Observations indicate that short-duration (hourly) rainfall events have become around 10 per cent more intense in some regions in recent decades, with larger increases seen in the north of the country.

Tropical cyclones

Tropical cyclone activity in Australia’s cyclone region varies substantially from year to year. This is partially due to the influence of oceanic conditions and large-scale climate drivers; the number of cyclones in our region generally declines during El Niño events and increases during La Niña events. There has been a downward trend in the number of tropical cyclones observed in the Australian region since 1982. The historical trend in tropical cyclone intensity is harder to quantify due to large natural variability and limited observations.

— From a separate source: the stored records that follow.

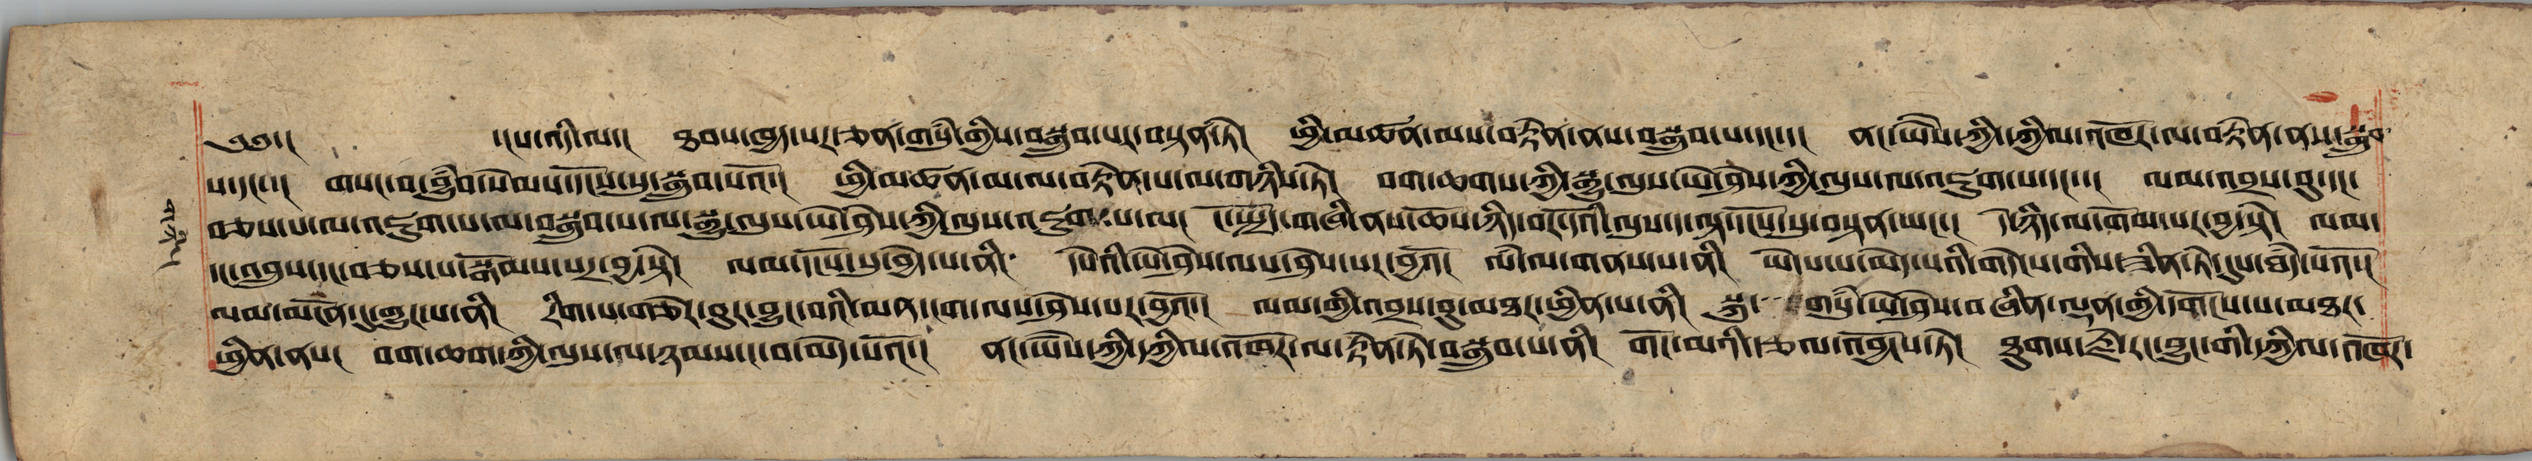༄༅་། ་།ས་འདི་ལ་། ཐབས་ཁྱད་པར་ཅན་གསུཾ་གྱིས་བསྒྲུབ་པར་བསྟན་ཏེ་། ཕྱི་མཚན་མས་བརྟེན་ནས་བསྒྲུབ་པ་དང་་། ནང་ཡཻས་ཀྱི་དཀྱིལ་འཁོར་ལ་བརྟེན་ནས་སྒྲུབ
པ་དང་་། གསང་བ་བྱུཾབ་སེམས་དངོས་སུ་སྒྲུབ་པའོ་། ཕྱི་མཚན་མ་ལ་བརྟེན་པ་ལ་གཉིས་ཏེ་། བག་ཆགས་ཀྱི་སྒྱུ་ལུས་ཡེ་ཤེས་ཀྱི་ལུས་ལ་འཇུག་པ་དང་་། ལམ་འབྲས་བུ་དང་
བཅས་པ་ལ་འཇུག་པ་མ་བསྒྲུབ་པ་ལ་སྒྱུ་ལུས་ཡེ་ཤེས་ཀྱི་ལུས་འཇུག་པ་ལ་། ངོ་སྤྲོད་གཞི་ནས་ཆོས་ཉིད་བར་དོའི་ལུས་ད་ལྟ་དངོས་སུ་བསྟན་ཡང་་། དེ་ཉིད་ལ་གོམ་པར་བྱ་སྟེ། ལམ་
དང་འབྲུས་དང་བཅས་པ་སྒོམས་པར་བྱ་སྟེ་། ལམ་དངོས་སུ་བྱེད་པ་ནི། དཔེའི་ཡེ་ཤེས་ལས་ཤེས་པར་བྱའོ། ལཾ་ལ་གནས་པ་ནི། ཡོདས་པ་མེད་པའི་གདེངས་གིས་ཟིན་ཏེ་དུས་ཐདཾ་པའོ་།
ལམ་མངོན་དུ་གྱུར་པ་ནི། རིག་པ་གཅེར་བུར་བྱུང་བའི་མན་ངག་ལས་ཤེས་པར་བྱའོ་། ལམ་གྱི་འབྲས་བུ་མཐར་ཕྱིན་པ་ནི། སྐུ་ གསུཾ་ཡེ་ཤེས་བཞིན་ལྡན་གྱི་དགོངས་པ་མཐར་
ཕྱིན་ནས། བག་ཆགས་ཀྱི་ལུས་ལ་ཉམས་ང་བ་མེད་པའོ་། ནང་ཡཻས་ཀྱི་དཀྱིལ་འཁོར་ལ་རྟེན་ཏེ་བསྒྲུབ་པ་ནི། གོང་མའི་རྩལ་འབྱོངས་ཏེ། ཐུགས་རྗེ་རང་བྱུང་གི་དཀྱིལ་འཁོར་
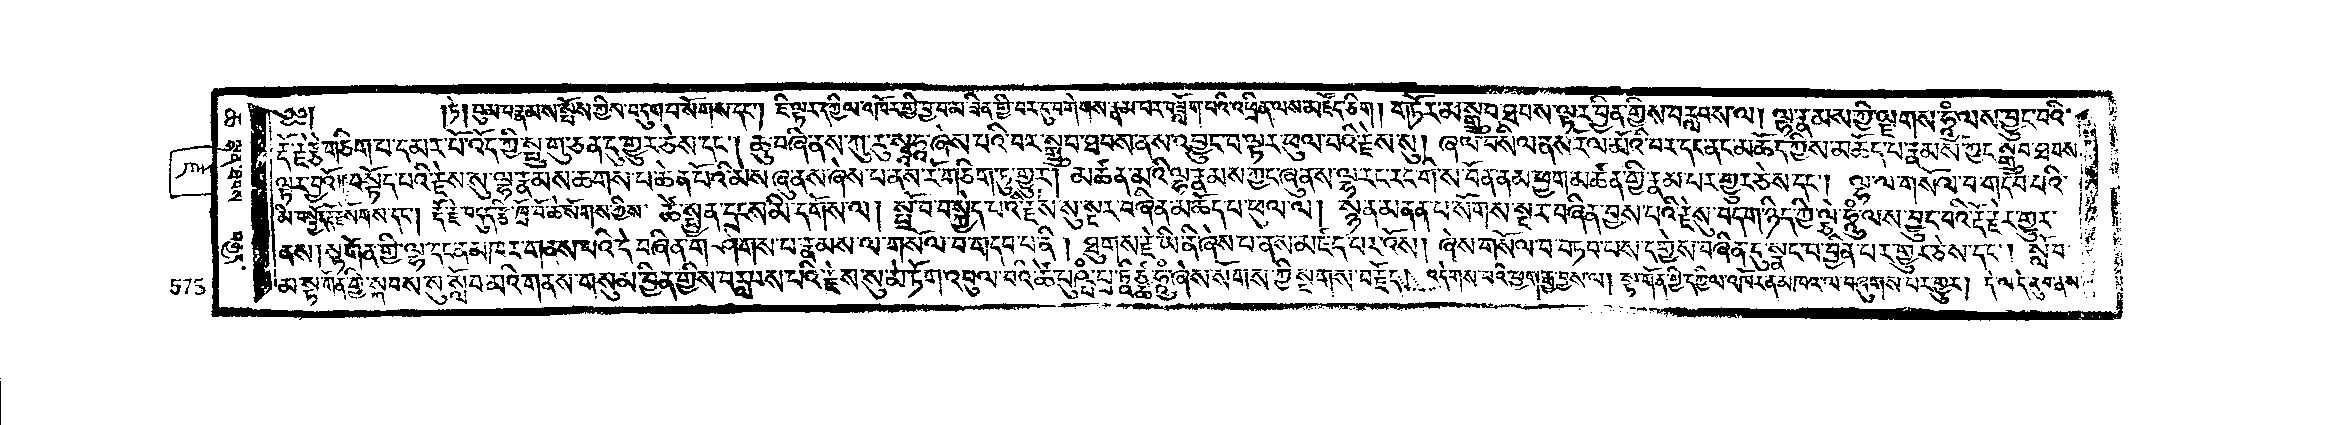༄༅། །ཏེ། བུམ་པ་རྣམས་སྤོས་ཀྱིས་བདུག་པ་སོགས་དང་། ཇི་ལྟར་དཀྱིལ་འཁོར་གྱི་བྱ་བ་མ་ཟིན་གྱི་བར་དུ་བགེགས་རྣམ་པར་བཟློག་པའི་འཕྲིན་ལས་མཛོད་ཅིག་།གཏོར་མ་སྒྲུབ་ཐབས་ལྟར་བྱིན་གྱིས་བརླབས་ལ། ལྷ་རྣམས་ཀྱི་ལྗགས་ཧཱུཾ་ལས་བྱུང་བའི་
རྡོ་རྗེ་རྩེ་གཅིག་པ་དམར་པོ་འོད་ཀྱི་སྦུ་གུ་ཅན་དུ་གྱུར་ཅེས་དང་། ཆུ་བཞི་ནས་ཀུ་རུ་སྭཱ་ཧཱ་ཞེས་པའི་བར་སྒྲུབ་ཐབས་ནས་འབྱུང་བ་ལྟར་ཕུལ་བའི་རྗེས་སུ། ཞལ་བསིལ་ནས་རོལ་མོའི་བར་དང་ནང་མཆོད་ཀྱིས་མཆོད་པ་རྣམས་ཀྱང་སྒྲུབ་ཐབས་
ལྟར་བྱའོ། །བསྟོད་པའི་རྗེས་སུ་ལྷ་རྣམས་ཆགས་པ་ཆེན་པོའི་མེས་ཞུ་ནས་ཞེས་པ་ནས་རོ་གཅིག་ཏུ་གྱུར། མཚན་མའི་ལྷ་རྣམས་ཀྱང་ཞུ་ནས་ལྷ་རང་རང་གི་ས་བོན་ནམ་ཕྱག་མཚན་གྱི་རྣམ་པར་གྱུར་ཅེས་དང་། ལྷ་ལ་གསོལ་བ་གདབ་པའི་
མི་བསྐྱེད་རྡོ་རྗེ་སོགས་དང་། རྡོ་རྗེ་བདུད་རྩི་ཁྲོ་བོ་ཆེ་སོགས་ཀྱིས་ཚེ་སྤྱན་དྲངས་མི་དགོས་ལ། སྤྲོ་བ་བསྐྱེད་པའི་རྗེས་སུ་སྔར་བཞིན་མཆོད་པ་ཕུལ་ལ། སྙན་མནན་པ་སོགས་སྔར་བཞིན་བྱས་པའི་རྗེས་སུ་བདག་ཉིད་ཀྱི་ལྕེ་ཧཱུཾ་ལས་བྱུང་བའི་རྡོ་རྗེར་གྱུར་
ནས། སྟ་གོན་གྱི་ལྷ་དང་ནམ་མཁར་གནས་པའི་དེ་བཞིན་གཤེགས་པ་རྣམས་ལ་གསོལ་བ་གདབ་པ་ནི། ཐུགས་རྗེ་ཡི་ནི་ཞེས་པ་ནས་མཛད་པར་འོས། ཞེས་གསོལ་བ་བཏབ་པས་དགྱེས་བཞིན་དུ་སྣང་བ་བྱིན་པར་གྱུར་ཅེས་དང་། སློབ་
མ་སྟ་གོན་གྱི་སྐབས་སུ་སློབ་མའི་གནས་གསུམ་བྱིན་གྱིས་བླབས་པའི་རྗེས་སུ་མེ་ཏོག་འབུལ་བའི་ཚེ་པུཥྤཾ་པྲ་ཏཱི་ཙྪ་ཧཱུཾ་ཞེས་སོགས་ཀྱི་སྔགས་བརྗོད། འདེགས་པའི་ཕྱག་རྒྱ་བྱས་ལ། སྟ་གོན་གྱི་དཀྱིལ་འཁོར་ནམ་མཁའ་ལ་བཞུགས་པར་གྱུར། དེ་ལ་དེ་ནུབ་ནས་
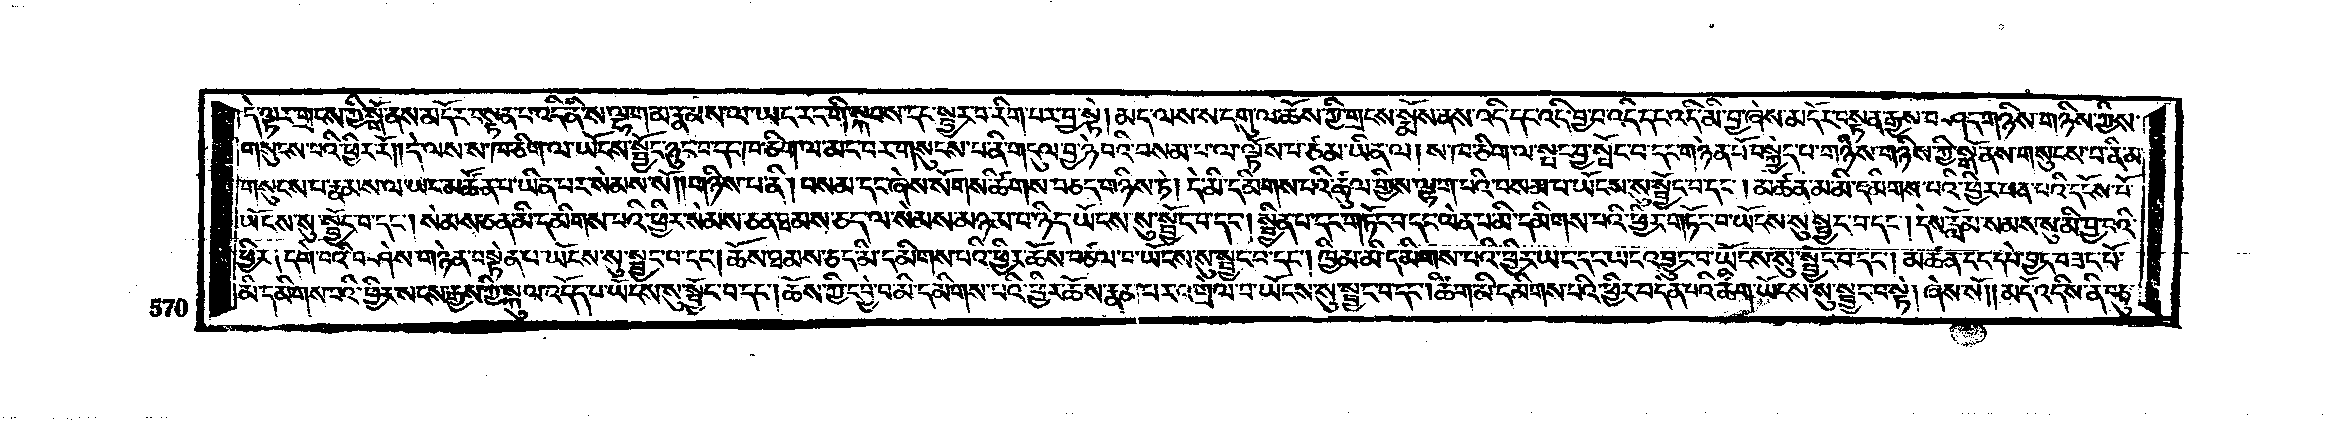དེ་ལྟར་གྲངས་ཀྱི་སྒོ་ནས་མདོར་བསྟན་པ་འདི་ནི་ས་ལྷག་མ་རྣམས་ལ་ཡང་རང་གི་སྐབས་དང་སྦྱར་བ་རིག་པར་བྱ་སྟེ། མདོ་ལས་ས་དགུ་ལ་ཆོས་ཀྱི་གྲངས་སྨོས་ནས་འདི་དང་འདི་བྱ་བ་འདི་མི་བྱ་ཞེས་མདོར་བསྟན་རྒྱས་བཤད་གཉིས་གཉིས་ཀྱིས་
གསུངས་པའི་ཕྱིར་རོ། །དེ་ལས་ས་ཁ་ཅིག་ལ་ཡོངས་སྦྱོང་ཉུང་བ་དང་ཁ་ཅིག་ལ་མང་བར་གསུངས་པ་ནི་གདུལ་བྱ་ཉེ་བའི་བསམ་པ་ལ་ལྟོས་པ་ཙམ་ཡིན་ལ། ས་ཁ་ཅིག་ལ་སྤང་བྱ་སྤོང་བ་དང་གཉེན་པོ་བསྐྱེད་པ་གཉིས་གཉིས་ཀྱི་སྒོ་ནས་གསུངས་པ་ནི་མ་
གསུངས་པ་རྣམས་ལ་ཡང་མཚོན་པ་ཡིན་པར་སེམས་སོ། །གཉིས་པ་ནི། བསམ་དང་ཞེས་སོགས་ཚིགས་བཅད་གཉིས་ཏེ། དེ་མི་དམིགས་པའི་ཚུལ་གྱིས་ལྷག་པའི་བསམ་པ་ཡོངས་སུ་སྦྱོང་བ་དང་། མཚན་མ་མི་དམིགས་པའི་ཕྱིར་ཕན་པའི་དངོས་པོ་
ཡོངས་སུ་སྦྱོང་བ་དང་། སེམས་ཅན་མི་དམིགས་པའི་ཕྱིར་སེམས་ཅན་ཐམས་ཅད་ལ་སེམས་མཉམ་པ་ཉིད་ཡོངས་སུ་སྦྱོང་བ་དང་། སྦྱིན་པ་དང་གཏོང་བ་དང་ལེན་པ་མི་དམིགས་པའི་ཕྱིར་གཏོང་བ་ཡོངས་སུ་སྦྱང་བ་དང་། དེས་རློམ་སེམས་སུ་མི་བྱ་བའི་
ཕྱིར། དགེ་བའི་བཤེས་གཉེན་བསྟེན་པ་ཡོངས་སུ་སྦྱང་བ་དང་། ཆོས་ཐམས་ཅད་མི་དམིགས་པའི་ཕྱིར་ཆོས་བཙལ་བ་ཡོངས་སུ་སྦྱང་བ་དང་། ཁྱིམ་མི་དམིགས་པའི་ཕྱིར་ཡང་དང་ཡང་འབྱུང་བ་ཡོངས་སུ་སྦྱོང་བ་དང་། མཚན་དང་དཔེ་བྱད་བཟང་པོ་
མི་དམིགས་པའི་ཕྱིར་སངས་རྒྱས་ཀྱི་སྐུ་ལ་འདོད་པ་ཡོངས་སུ་སྦྱོང་བ་དང་། ཆོས་ཀྱི་དབྱེ་བ་མི་དམིགས་པའི་ཕྱིར་ཆོས་རྣམ་པར་འགྲེལ་བ་ཡོངས་སུ་སྦྱང་བ་དང་། ཚིག་མི་དམིགས་པའི་ཕྱིར་བདེན་པའི་ཚིག་ཡོངས་སུ་སྦྱང་བ་སྟེ། ཞེས་སོ། །མདོ་འདིས་ནི་བཅུ་
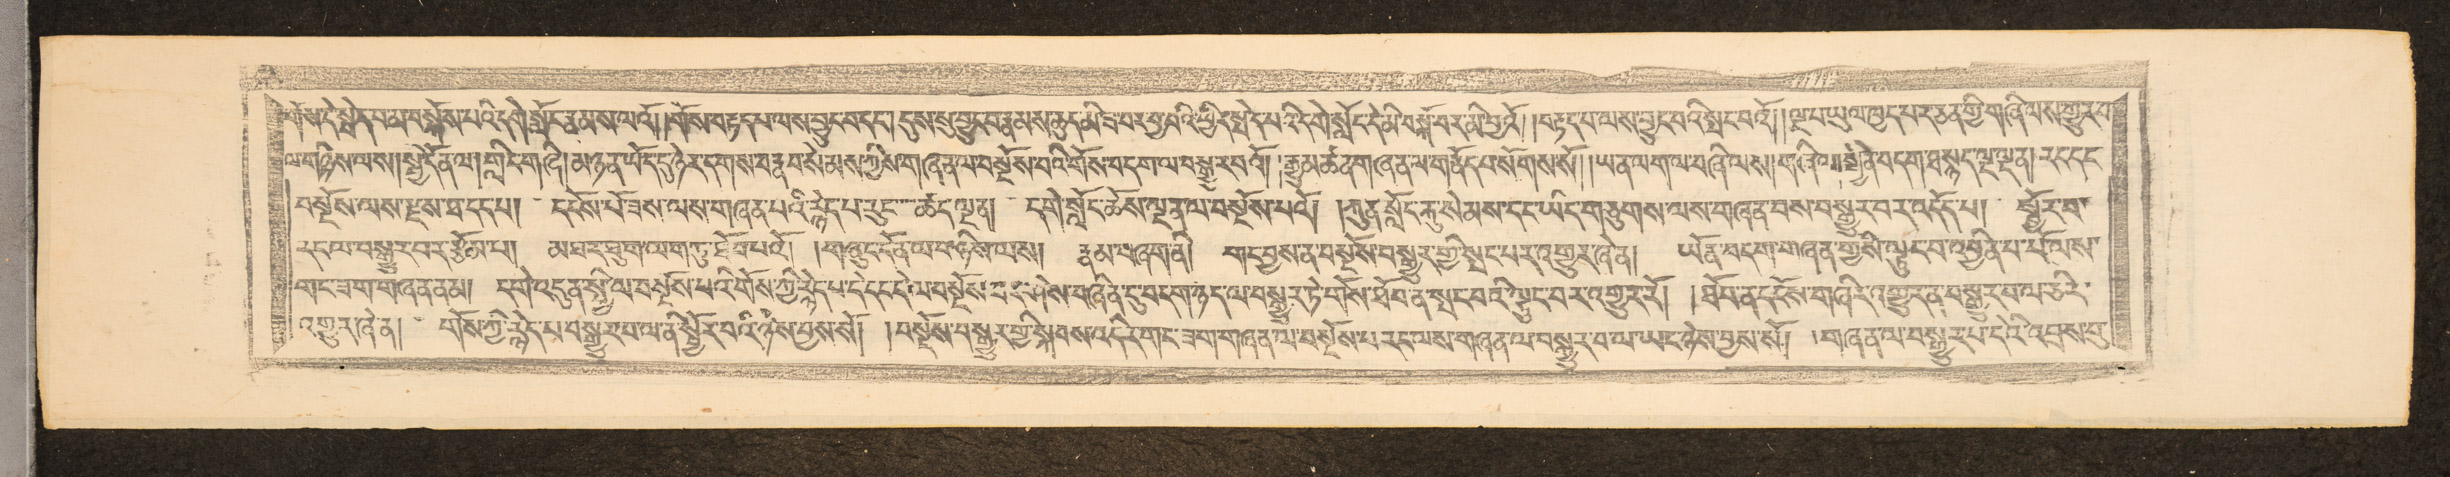གོས་དེ་སྦེད་པ་མ་བསྐོས་པའི་དགེ་སློང་རྣམས་ལའོ། །གོས་བརྟད་པ་ལས་བྱུང་བ་དང་། དུས་སུ་བྱུང་བ་རྣམས་ཆུད་མི་ཟ་བར་བྱ་བའི་ཕྱིར་སྤེད་པའི་དགེ་སློང་དེ་མི་བསྐ་བར་མི་བྱའོ། །བརྟད་པ་ལས་བྱུང་བའི་སྦང་བའོ། །ལྔ་པ་ཡུལ་ཁྱད་པར་ཅན་གྱི་གཞི་ལས་གྱུར་བ་
ལ་གཉིས་ལས། སྦྱི་དོན་ལ་གླིང་གཞི། མཉན་ཡོད་དུ་ཉེར་དགས་བརྣབ་སེམས་ཀྱིས་གཞན་ལ་བསྔོས་པའི་གོས་བདག་ལ་བསྒྱུར་བའོ། །རྒྱུ་མཚན་གཞན་ལ་གནོད་པ་སོགས་སོ། །ཡན་ལག་ལ་བཞི་ལས། གཞི་ལ། སྦྱིན་བདག་ཐ་སྙད་ལྔ་ལྡན། རང་དང་
བསྔོ་ས་ལས་རྫས་ཐ་དད་པ། དངོས་པོ་ཟས་ལས་གཞན་པའི་རྙེད་པ་རུང་ཚད་ལྡན། དགེ་སློང་ཆོས་ལྡན་ལ་བསྔོས་པའོ། །ཀུན་སློང་རྐུ་སེམས་དང་ཡིད་གཅུགས་ལས་གཞན་པས་བསྒྱུར་བར་འདོད་པ། སྦྱོར་བ་
རང་ལ་བསྒྱུར་བར་རྩོམ་པ། མཐར་ཐུག་ལག་ཏུ་ཐོབ་པའོ། །གཞུང་དོན་ལ་གཉིས་ལས། རྣམ་བཞག་ནི། གང་བྱས་ན་བསྔོས་བསྒྱུར་གྱི་སྤང་བར་འགྱུར་ཞེ་ན། ཡོན་བདག་གཞན་གྱིས་ལྟུང་བ་འབྱིན་པ་པོ་ལས་
གང་ཟག་གཞན་ནམ། དགེ་འདུན་སྤྱི་ལ་བསྔོས་པའི་གོས་ཀྱི་རེད་བ་དེ་དང་དེ་ལ་བསྔོས་པར་ཤེས་བཞིན་དུ་བདག་ཉིད་ལ་བསྒྱུར་ཏེ་གོས་ཐོབ་ན་སྤང་བའི་ལྟུང་བར་འགྱུར་རོ། །ཐོབ་ན་དངོས་གཞིར་འགྱུར་ན་བསྒྱུར་བ་ལ་ཅིར་
འགྱུར་ཞེ་ན། གོས་ཀྱི་རྙེད་པ་བསྒྱུར་བ་ལ་ནི་སྦྱོར་བའི་ཉེས་བྱས་སོ། །བསྔོས་བསྒྱུར་གྱི་སྐབས་འདིར་གང་ཟག་གཞན་ལ་བསྔོས་པ་རང་ལས་གཞན་ལ་བསྒྱུར་བ་ལ་ཡང་ཉེར་བྱས་སོ། །གཞན་པ་བསྒྱུར་བ་དེའི་འབྲས་བུ་

Human influence has increased greenhouse gases leading to global warming

The physical role of greenhouse gases in the atmosphere has been understood for more than a century. Shortwave radiation from the Sun passes through the atmosphere and is absorbed by the Earth’s surface which thereby warms. The surface emits infrared radiation. In the absence of greenhouse gases, this radiation is emitted direct to space, and approximately balances the solar radiation reaching the Earth from the Sun. But the greenhouse gases (water vapour, carbon dioxide, methane and other gases present in small amounts in the atmosphere) absorb some of the infrared radiation emitted from the surface. These greenhouse gases also emit infrared radiation in all directions, including back to the Earth’s surface thereby increasing the warming of the surface. The warm surface causes the overlying atmosphere to warm, through convection, conduction, and radiation. The surface temperature, and the temperature of the lower atmosphere, increases as the atmospheric concentration of the greenhouse gases increases, because of these processes.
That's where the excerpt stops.